# BBC Uncovers "Aggressive" Tax Avoidance Scheme



## BBCWatcher (Dec 28, 2012)

The BBC secretly recorded a sales manager working for Anderson Group, a prominent U.K. company in the recruitment industry. The sales manager promoted a tax avoidance scheme of dubious legality (at least), suggesting that a recruitment agency could take its 300 mostly low paid workers and transfer them to 100 shell companies, each with 3 employees, in order to try to qualify for a £2,000 tax allowance. According to Mr. Moran, the scheme would reduce the agency's £300,000 annual U.K. National Insurance tax bill to zero.

According to the same sales manager, 10,000 workers were already being employed through shell companies. The BBC confirmed that thousands of company registrations were created to support this scheme.

"Schemes like this don't work and anyone thinking of using it should think again," Jennie Granger, head of compliance at HMRC told the BBC. "Failing to disclose an attempted avoidance scheme is punishable by a fine of up to £1m," she added. HMRC has promised to "pursue users and promoters" of the scheme.
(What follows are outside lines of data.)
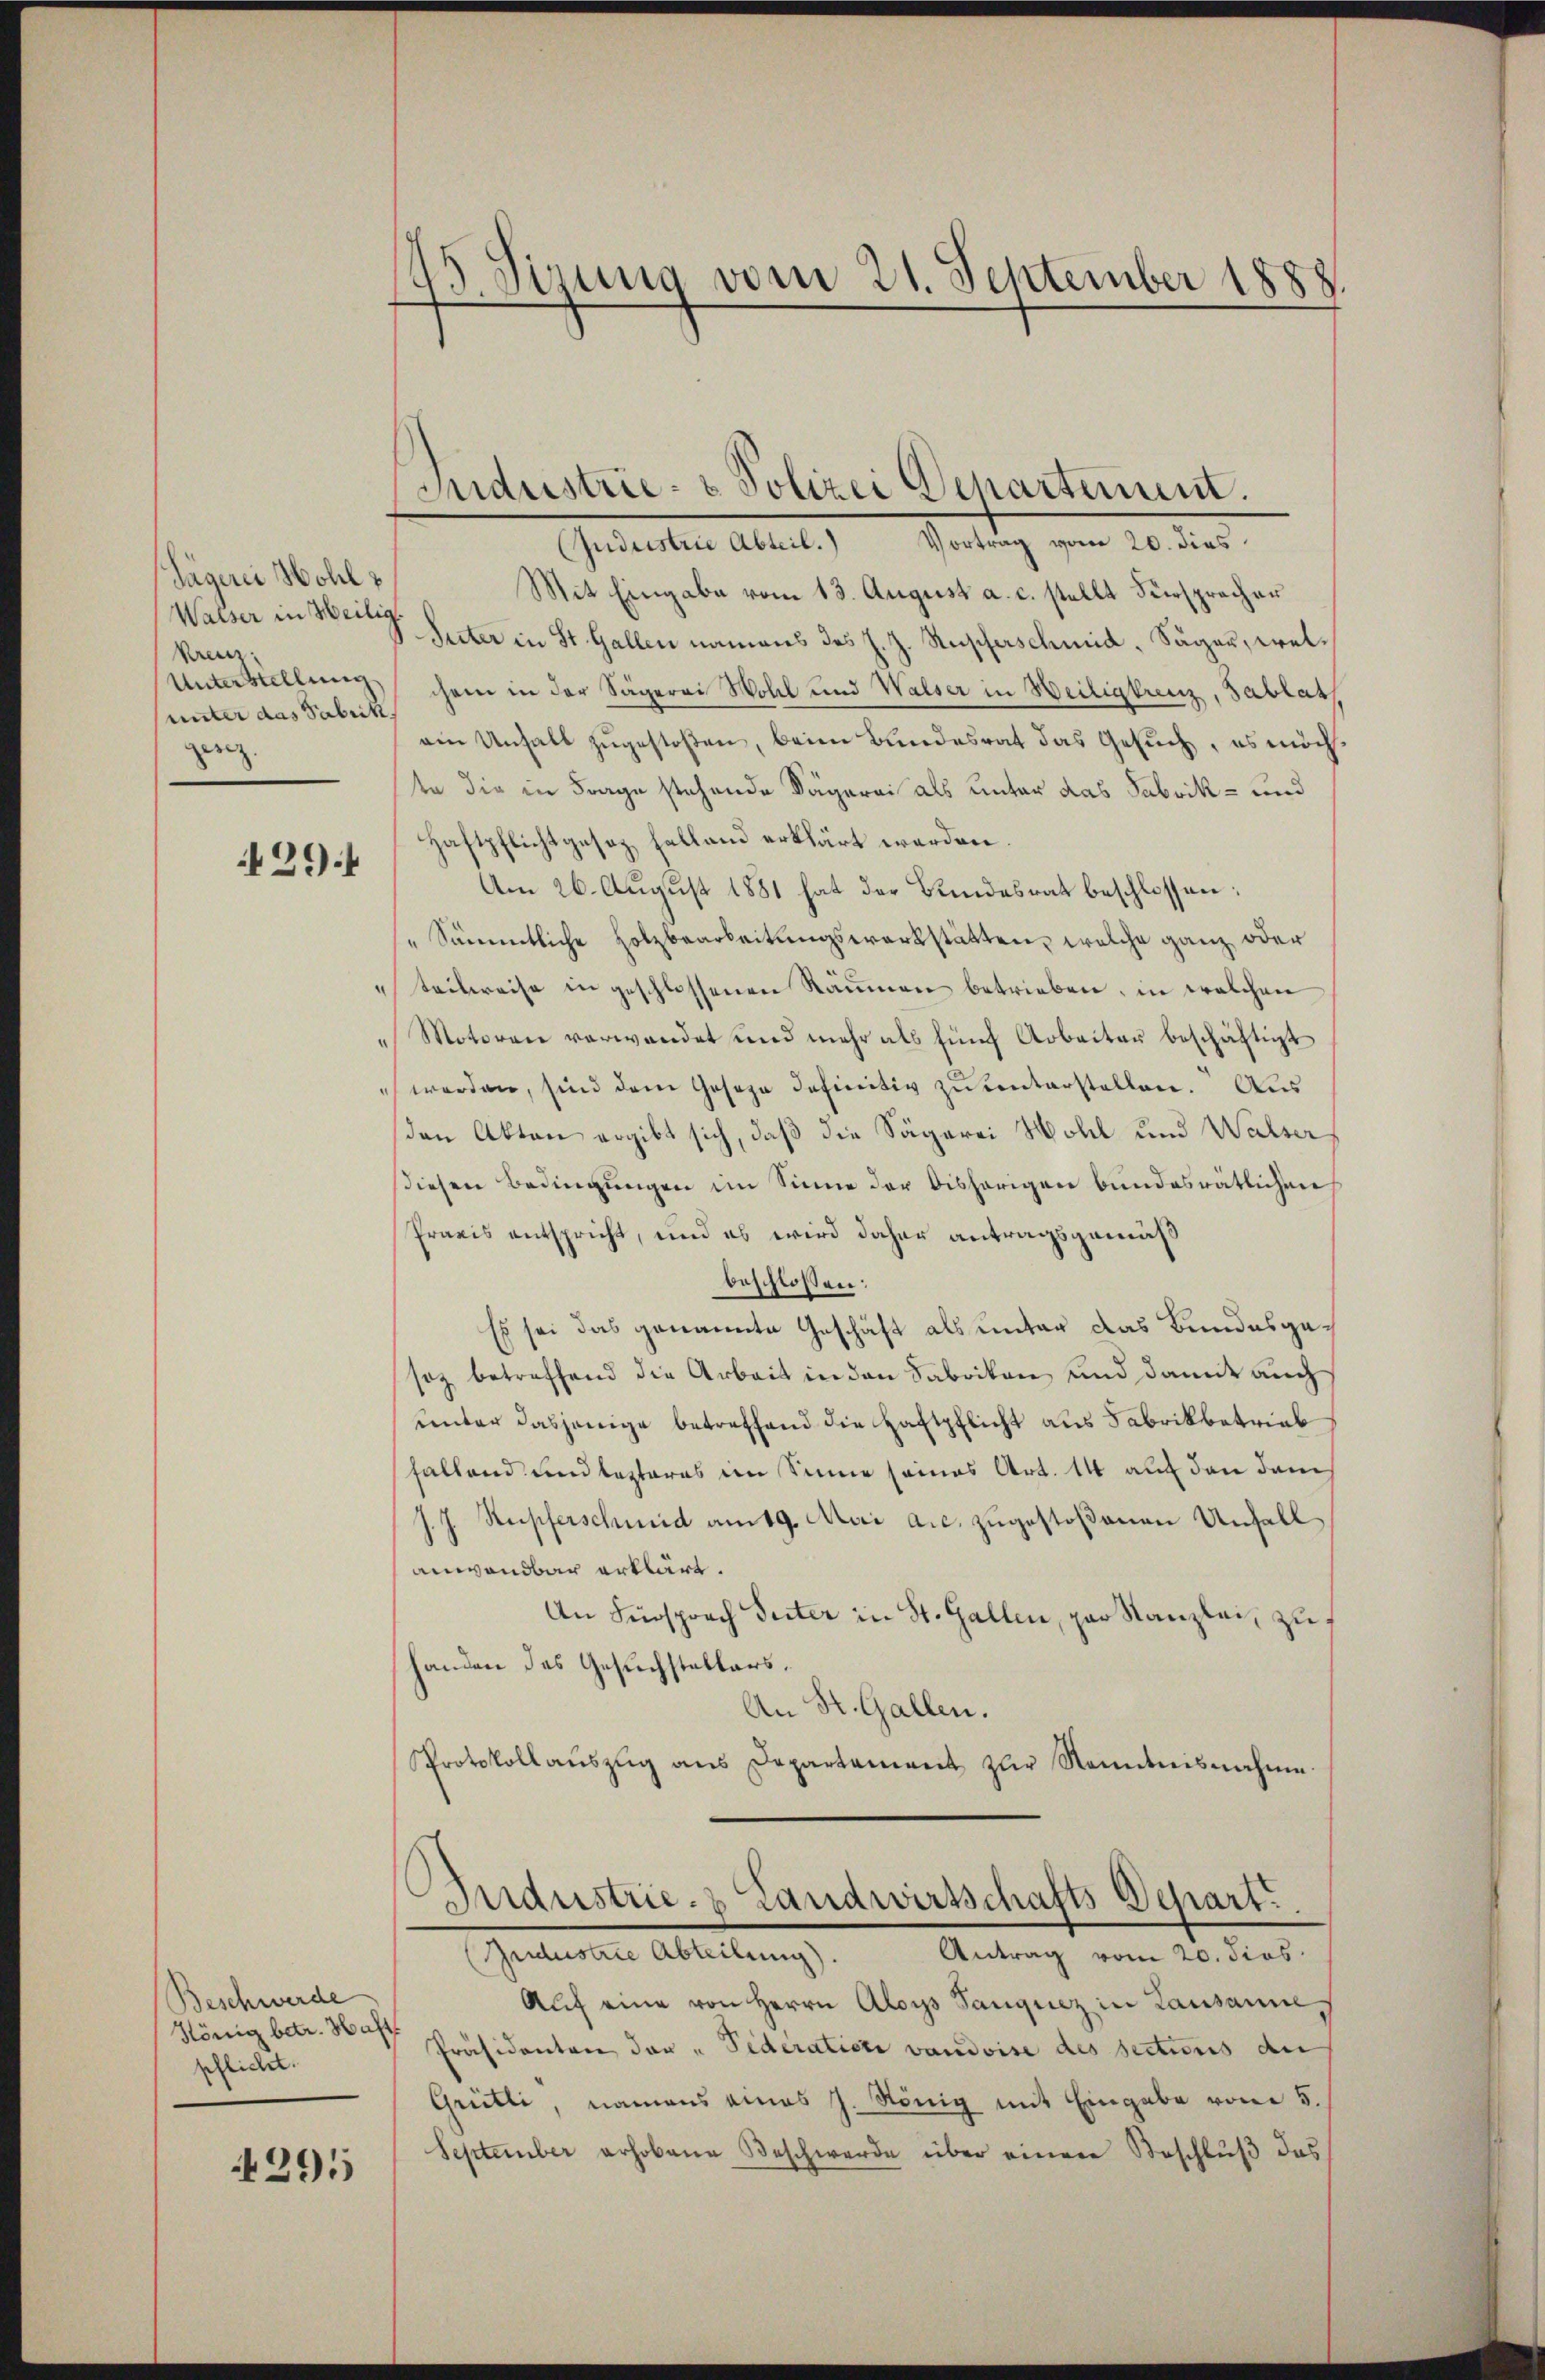
Tägerei Hohl
Walser in Heilig.
kreuz.
unter das Fabrik
geiz.

294

Beschwerde
König betr. Haft
pflicht.

4295

45 Sirung vom 21. September 1888.

Sontag vom 20. de
(Jndustrie Abteil.)
Mit Eingabe vom 13. August a. c. stellt Fürspracher
Suter in St. Gallen namens des J. J. Rupferschmid, Säger, wel¬
Unterstellung cham in der Sägerei Wohl und Walser in Heiligkreuz, Tablat
ein Unfall zugestoßen, beim Bundesrat das Gesuch, es möch
te die in Frage stehende Sägerei als unter das Fabrik- und
Haftpflichtgesez haltend erklärt werden.
Am 26. August 1881 hat der Bundesrat beschlossen:
"Sämmtliche Holzbearbeitungswerkstätten, welche ganz oder
teilweise in geschlossenen Räumen betrieben, in welchen
Motoren verwandet und mehr als fünf Arbeiter beschäftigt
werden, sind dem Geseze definitiv zu unterstellen. Aus
den Akten ergibt sich, daß die Sägerei Wohl und Walser
siesen Bedingungen im Sinne der bisherigen bundesrätlichen
Praxis entspricht, und es wird daher antragsgemäß
beschlossen:
Es sei das genannte Geschäft als unter das Bundesgesoz betreffend die Arbeit in den Fabriken, und damit auch
unter dasjenige betreffend die Haftpflicht aus Fabrikbetrieb
fallend und lezteres im Sinne seines Art. 14 auf den dam
J. J. Kupferschmid am 19. Mai a.c. zugestoßenen Unfall
anwendbar erklärt.
An Fürsprach Seiter in St. Gallen, par Kanzlei, zu
handen des Gesuchstellers.
An St. Gallen.
Protokoll aŭszŭg ans Departement zŭr Kenntnisnahme

Judustrie- & Polizei Departement.

Auf eine von Herrn Aloys Sanguiz in Lausannes
Präsidenten den "Pederation vaudoise des sections der
Grütli, namens eines J. König mit Eingabe vom 5.
September erhobene Beschwerde über einer Beschluß das

Industrie- & Landwirtschafts Depart.
(Gudustrie Abteilung). Antrag vom 20. dies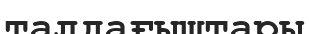
талдағыштары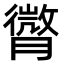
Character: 𦡒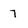
Character: 7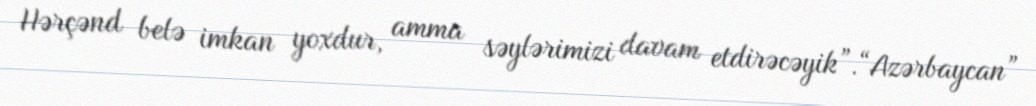
Hərçənd belə imkan yoxdur, amma səylərimizi davam etdirəcəyik”.“Azərbaycan”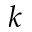
k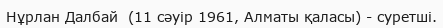
Нұрлан Далбай  (11 сәуір 1961, Алматы қаласы) - суретші.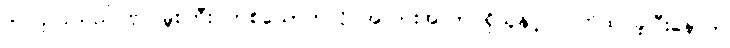
ခင်လှလှသည် ဗိုလ်မှူးကြီး တစ်ယောက်လို အလားအလာ ရှိသူနှင့် လက်ထပ်ခဲ့ပြီးနောက်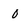
Character: 0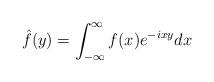
LaTeX: \begin{align*}\hat{f}(y)=\int_{-\infty }^{\infty }f(x)e^{-ixy}dx\end{align*}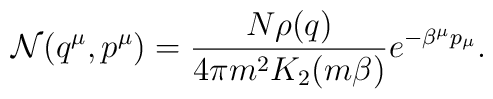
{\cal N}(q^{\mu},p^{\mu})={ {N\rho (q)}\over {4\pi m^2K_2(m\beta )} }e^{-\beta^{\mu}p_{\mu}}.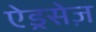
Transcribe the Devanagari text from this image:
ऐड्रसेज़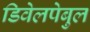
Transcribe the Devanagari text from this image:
डिवेलपेबुल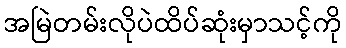
အမြဲတမ်းလိုပဲထိပ်ဆုံးမှာသင့်ကို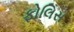
ફોલિસ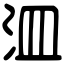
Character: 㳑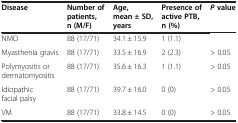
<table><thead><tr><td><b>Disease</b></td><td><b>Number of patients, n (M/F)</b></td><td><b>Age, mean ± SD, years</b></td><td><b>Presence of active PTB, n (%)</b></td><td><b><i>P </i>value</b></td></tr></thead><tbody><tr><td>NMO</td><td>88 (17/71)</td><td>34.1 ± 15.9</td><td>1 (1.1)</td><td> </td></tr><tr><td>Myasthenia gravis</td><td>88 (17/71)</td><td>33.5 ± 16.9</td><td>2 (2.3)</td><td>&gt; 0.05</td></tr><tr><td>Polymyositis or dermatomyositis</td><td>88 (17/71)</td><td>35.6 ± 16.3</td><td>1 (1.1)</td><td>&gt; 0.05</td></tr><tr><td>Idiopathic facial palsy</td><td>88 (17/71)</td><td>39.7 ± 16.0</td><td>0 (0)</td><td>&gt; 0.05</td></tr><tr><td>VM</td><td>88 (17/71)</td><td>33.8 ± 14.5</td><td>0 (0)</td><td>&gt; 0.05</td></tr></tbody></table>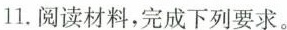
11.阅读材料，完成下列要求。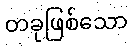
တခုဖြစ်သော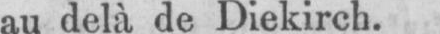
au delà de Diekirch.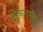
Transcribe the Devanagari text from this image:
नेत्यांवरील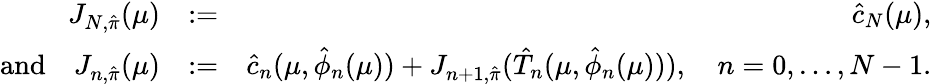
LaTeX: \begin{array}{rlr}{J_{N,\hat{\pi}}(\mu)}&{:=}&{\hat{c}_{N}(\mu),}\\ {\mathrm{and}\quad J_{n,\hat{\pi}}(\mu)}&{:=}&{\hat{c}_{n}(\mu,\hat{\phi}_{n}(\mu))+J_{n+1,\hat{\pi}}(\hat{T}_{n}(\mu,\hat{\phi}_{n}(\mu))),\quad n=0,\ldots,N-1.}\end{array}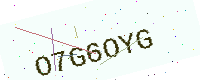
Text: O7G6OYG

Former chair of the Public Accounts Committee Margaret Hodge pointed out that there are over 1,100 tax relief schemes in the U.K. tax code, a number that has been rising. She advocates significantly reducing this number and boosting HMRC's funding, citing the fact that every additional pound invested in HMRC yields about £9 in recovered tax. Richard Murphy, a tax expert and reform campaigner, suggests there ought to be a penalty on the directors of limited companies set up to abuse the tax system. Currently the directors are betting HMRC will have nothing to recover since the shell companies have few assets.


----------